Hi Fabian and till,

Below is what I've observed today.
Hope it provides a strong evidence to figure out the problem.

I attach another log file, jmlog2.txt, after observing the different behavior of a per-job cluster with more memory given to YARN nodemanagers (compared to jmlog.txt).
- jmlog.txt : Each of 7 NodeManagers has 96GB. Only a single TM (50GB) can be scheduled on a NM and I ended up with having only 7 NodeManagers. There's no room for extra unnecessary TaskManagers. 
- jmlog2.txt : Each of 7 NMs has 128GB. After scheduling a TM on each NM, RM can schedule additional 7 TMs as each NM has remaining 78 GB.

What I see from both log files is that, 
- ExecutionGraph creates 100 tasks as I specified.
- Initially 7 necessary containers (for 7 TMs each with 16 slots) are requested to YARN, which is quite desired behavior.
- However, extra unnecessary 93 requests are made after the very first TaskManager is registered to SlotManager with the following messages:
+ jmlog.txt : Register TaskManager 640b098f3a132b452a74673631a0bf7f at the SlotManager.
+ jmlog2.txt : Registering TaskManager container_1525676778566_0001_01_000005 under 35b9ceed32bd87fa23ddca4282f5abac at the SlotManager.
(Please note that the info messages are different in jmlog.txt and jmlog2.txt; it is due to a recent hotfix "Add resourceId to TaskManager registration messages")
The 93 containers should not be asked as JobMaster is going to have enough slots on the 6 TaskManagers which will be soon registered to SlotManager.
This causes a deadlock situation if YARN does not have resources to allocate such 93 containers as in jmlog.txt.

Unlike in jmlog.txt, jmlog2.txt shows
- Extra TMs are scheduled on newly scheduled containers.
- Extra TMs are not given any tasks for while.
- Extra TMs are shut down with the below message.
    "Closing TaskExecutor connection container_1525676778566_0001_01_000015 because: TaskExecutor exceeded the idle timeout."
- At the end, there are no pending container requests in jmlog2.txt at the end.

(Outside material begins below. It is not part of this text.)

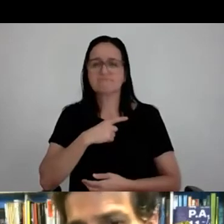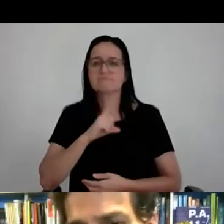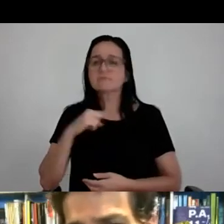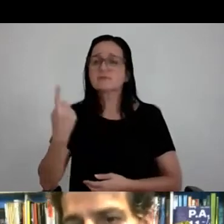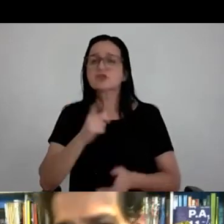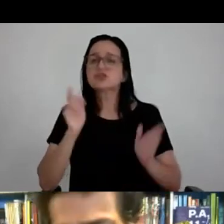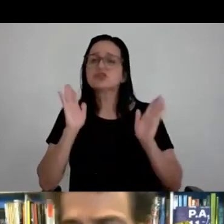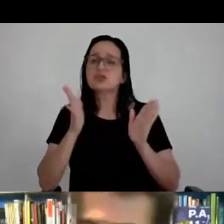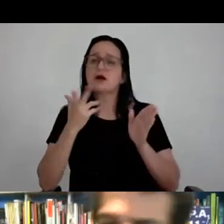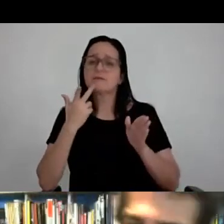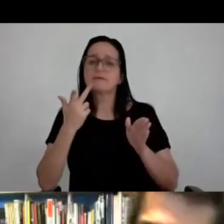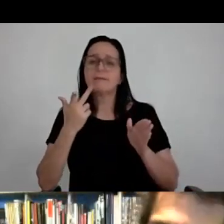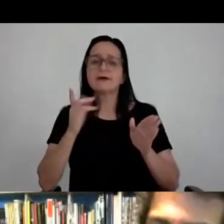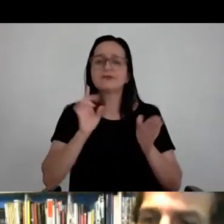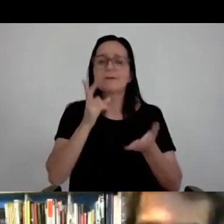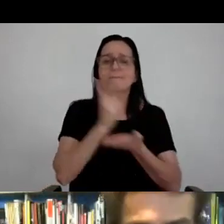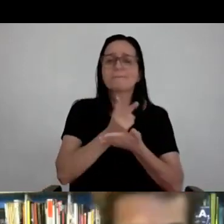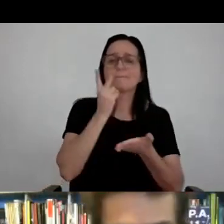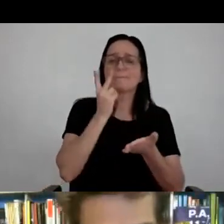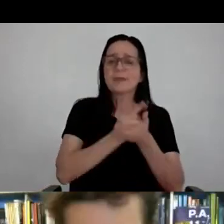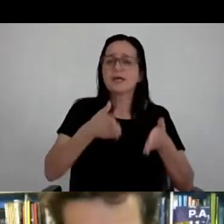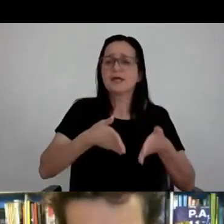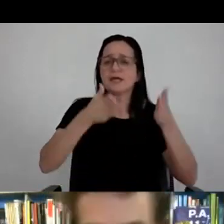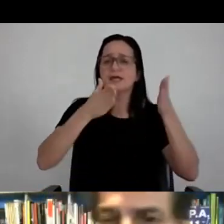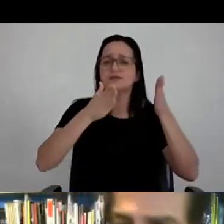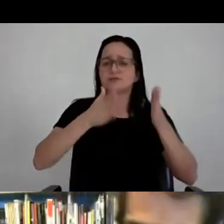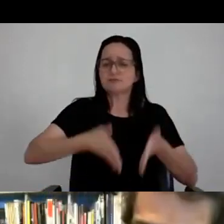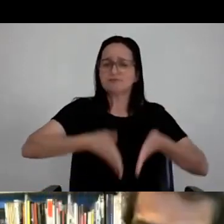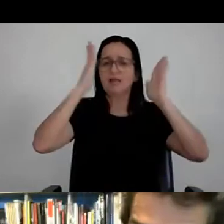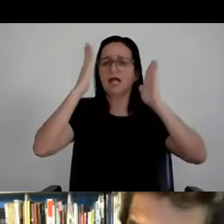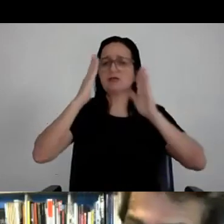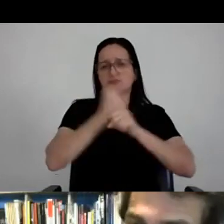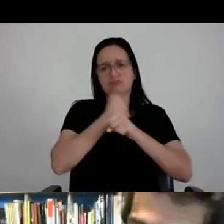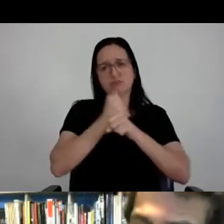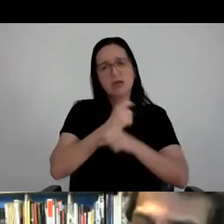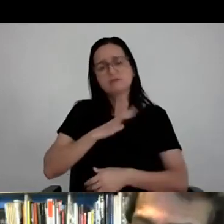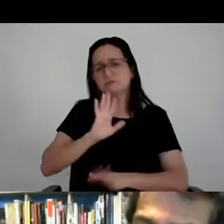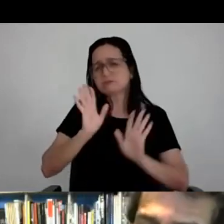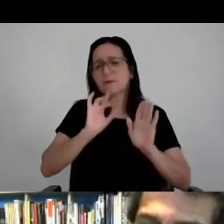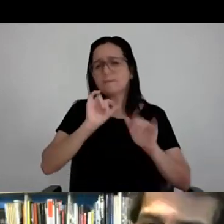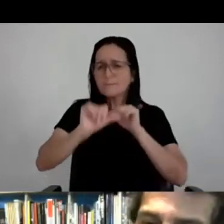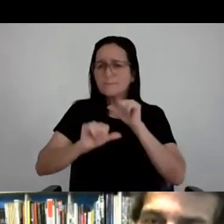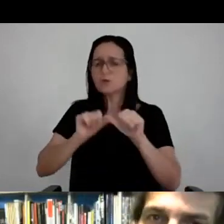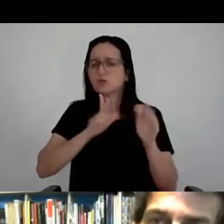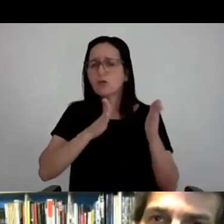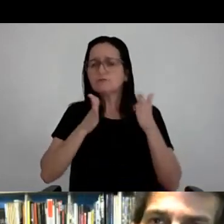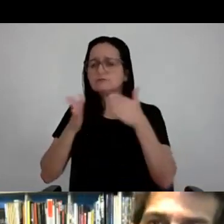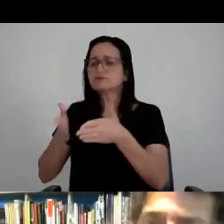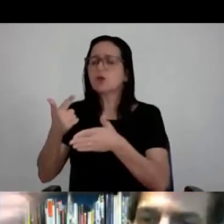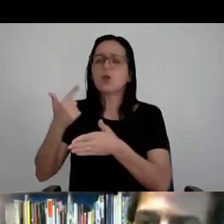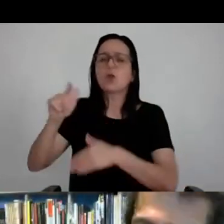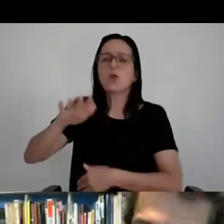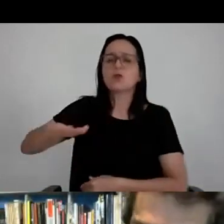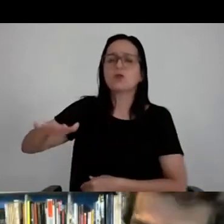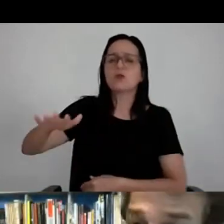do interior de apartamento, sim, fugimos dali, não quer dizer que a não tenha feito e não faça, mas o nosso foco caminhou para uma área muito mais

p.s. I just found that SlotManager is only for flip-6. Nevertheless, I write this email to user@ as I originally start this thread on user@. Sorry for the inconvenience.

- Dongwon

On Mon, May 7, 2018 at 9:27 PM, Fabian Hueske <fhueske@gmail.com> wrote:
Hi Dongwon,

I see that you are using the latest master (Flink 1.6-SNAPSHOT).
This is a known problem in the new FLIP-6 mode. The ResourceManager tries to allocate too many resources, basically on TM per required slot, i.e., it does not take the number of slots per TM into account.
The resources are not used and should be returned to YARN after a timeout.

I couldn't find a JIRA issue to point you to.
Till (in CC) should know more details about this problem.

Best, Fabian

2018-05-05 12:50 GMT+02:00 Dongwon Kim <eastcirclek@gmail.com>:
I'm testing per-job cluster on YARN.

I just need to launch 7 TMs each with 50GB memory (total 350GB) but Flink makes more resource request to YARN than necessary.

All of the remaining memory in YARN, around 370GB, are reserved by the Flink job, which I can check in YARN UI.

The remaining memory is not used but reserved; that’s very weird.

Attached is JM log.

Any help would be greatly appreciated!


- Dongwon